** Source records **
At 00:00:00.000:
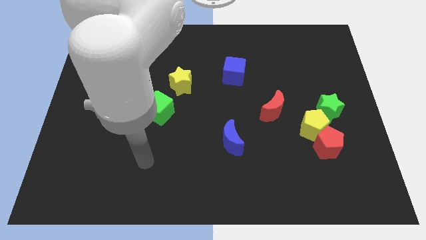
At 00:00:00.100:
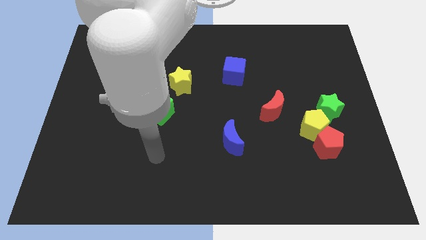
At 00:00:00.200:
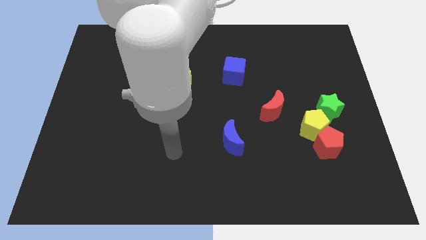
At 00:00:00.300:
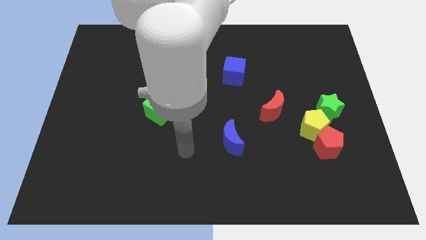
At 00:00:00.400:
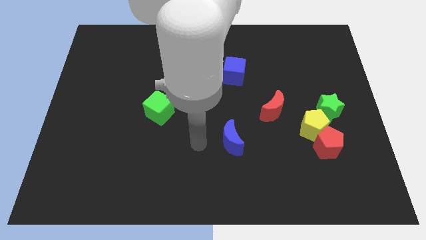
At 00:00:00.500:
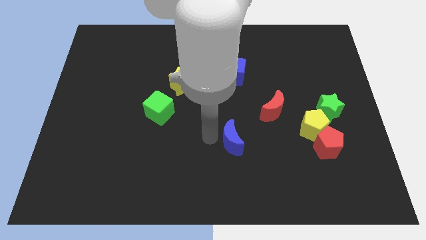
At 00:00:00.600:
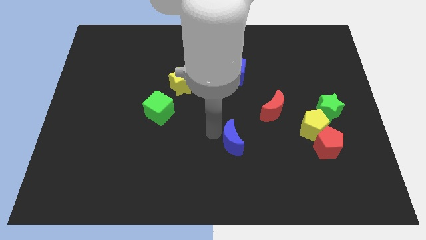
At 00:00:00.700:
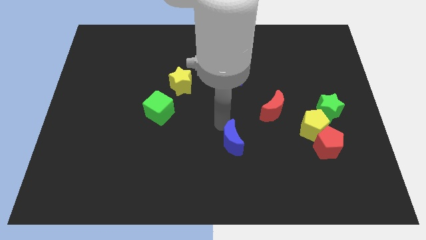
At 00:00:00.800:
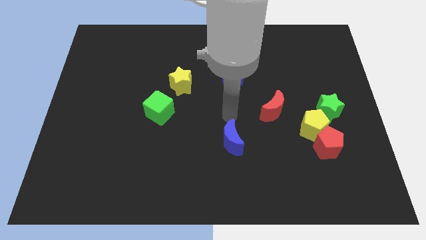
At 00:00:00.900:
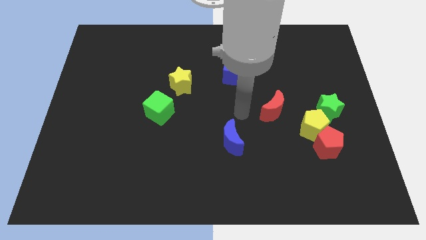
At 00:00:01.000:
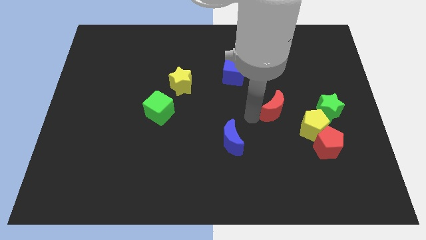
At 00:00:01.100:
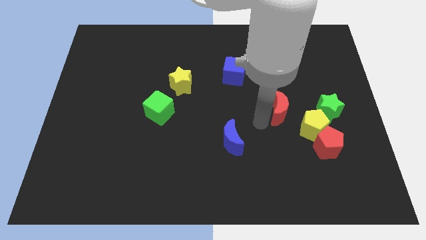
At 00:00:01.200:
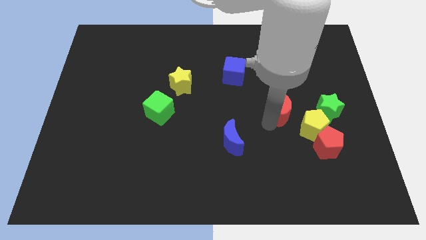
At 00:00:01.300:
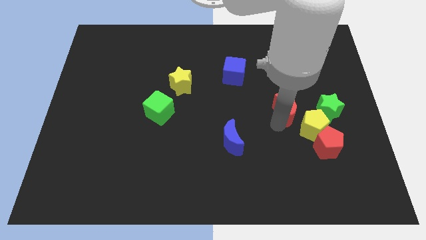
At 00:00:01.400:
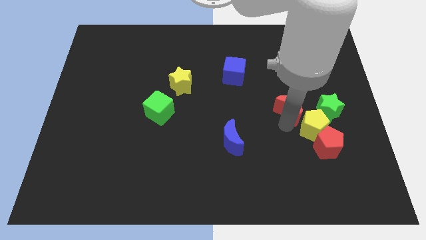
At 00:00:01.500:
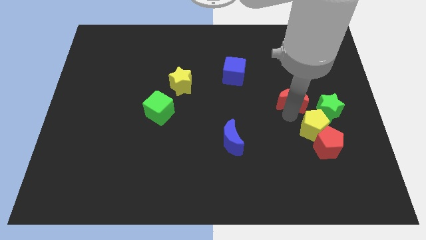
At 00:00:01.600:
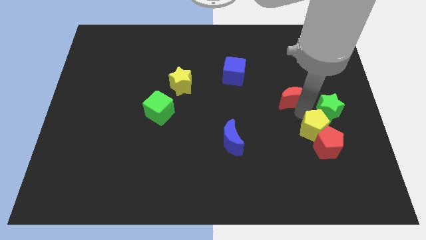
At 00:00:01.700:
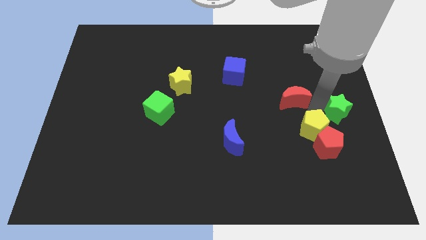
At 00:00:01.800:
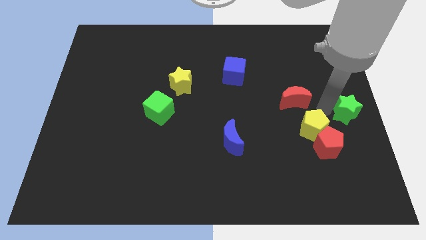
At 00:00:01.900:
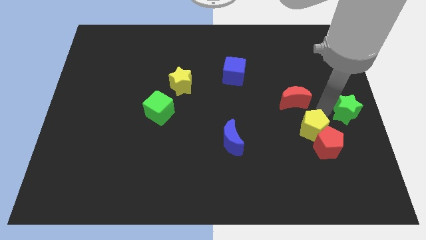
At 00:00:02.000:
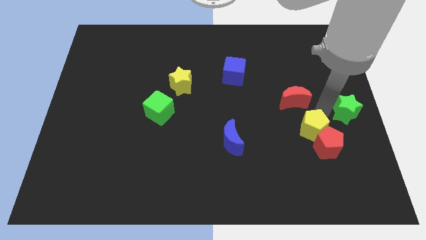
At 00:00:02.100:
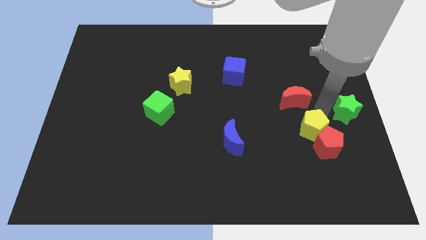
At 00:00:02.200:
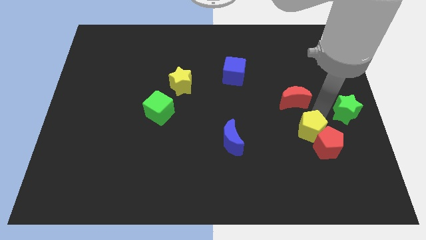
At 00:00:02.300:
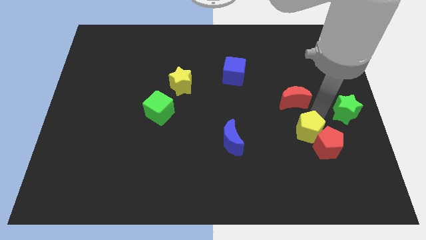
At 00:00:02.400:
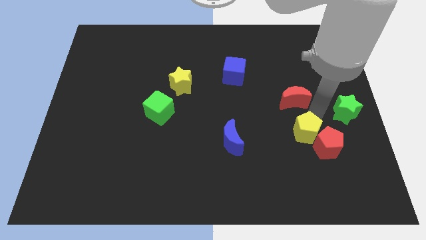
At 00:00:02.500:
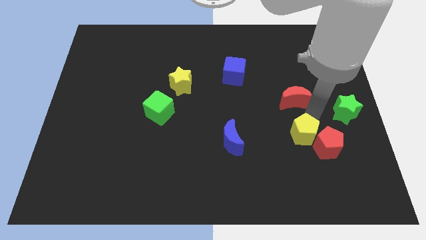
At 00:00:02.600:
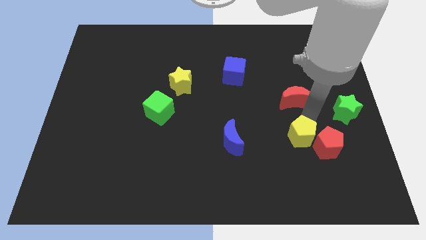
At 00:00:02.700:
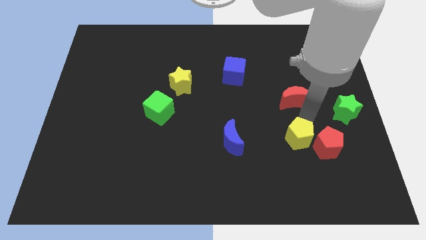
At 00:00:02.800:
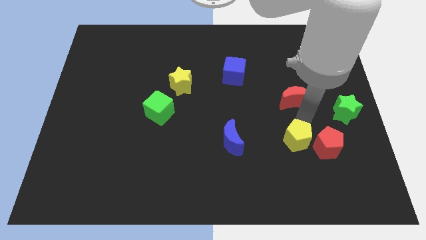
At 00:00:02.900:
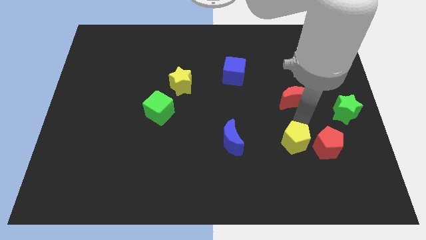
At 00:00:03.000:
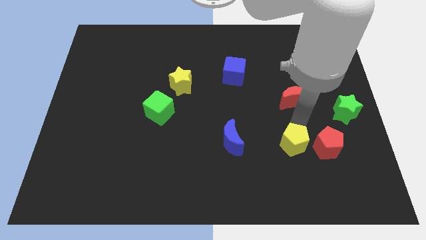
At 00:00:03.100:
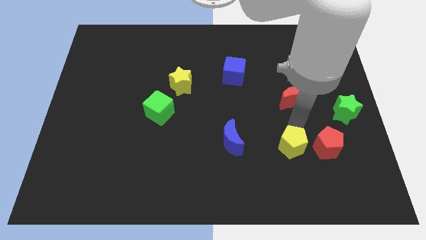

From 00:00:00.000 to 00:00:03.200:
pull the yellow pentagon apart from the group

** Work request **
Print all the lines above exactly as they are, but without the pictures.

** Task output **
At 00:00:00.000:
At 00:00:00.100:
At 00:00:00.200:
At 00:00:00.300:
At 00:00:00.400:
At 00:00:00.500:
At 00:00:00.600:
At 00:00:00.700:
At 00:00:00.800:
At 00:00:00.900:
At 00:00:01.000:
At 00:00:01.100:
At 00:00:01.200:
At 00:00:01.300:
At 00:00:01.400:
At 00:00:01.500:
At 00:00:01.600:
At 00:00:01.700:
At 00:00:01.800:
At 00:00:01.900:
At 00:00:02.000:
At 00:00:02.100:
At 00:00:02.200:
At 00:00:02.300:
At 00:00:02.400:
At 00:00:02.500:
At 00:00:02.600:
At 00:00:02.700:
At 00:00:02.800:
At 00:00:02.900:
At 00:00:03.000:
At 00:00:03.100:

From 00:00:00.000 to 00:00:03.200:
pull the yellow pentagon apart from the group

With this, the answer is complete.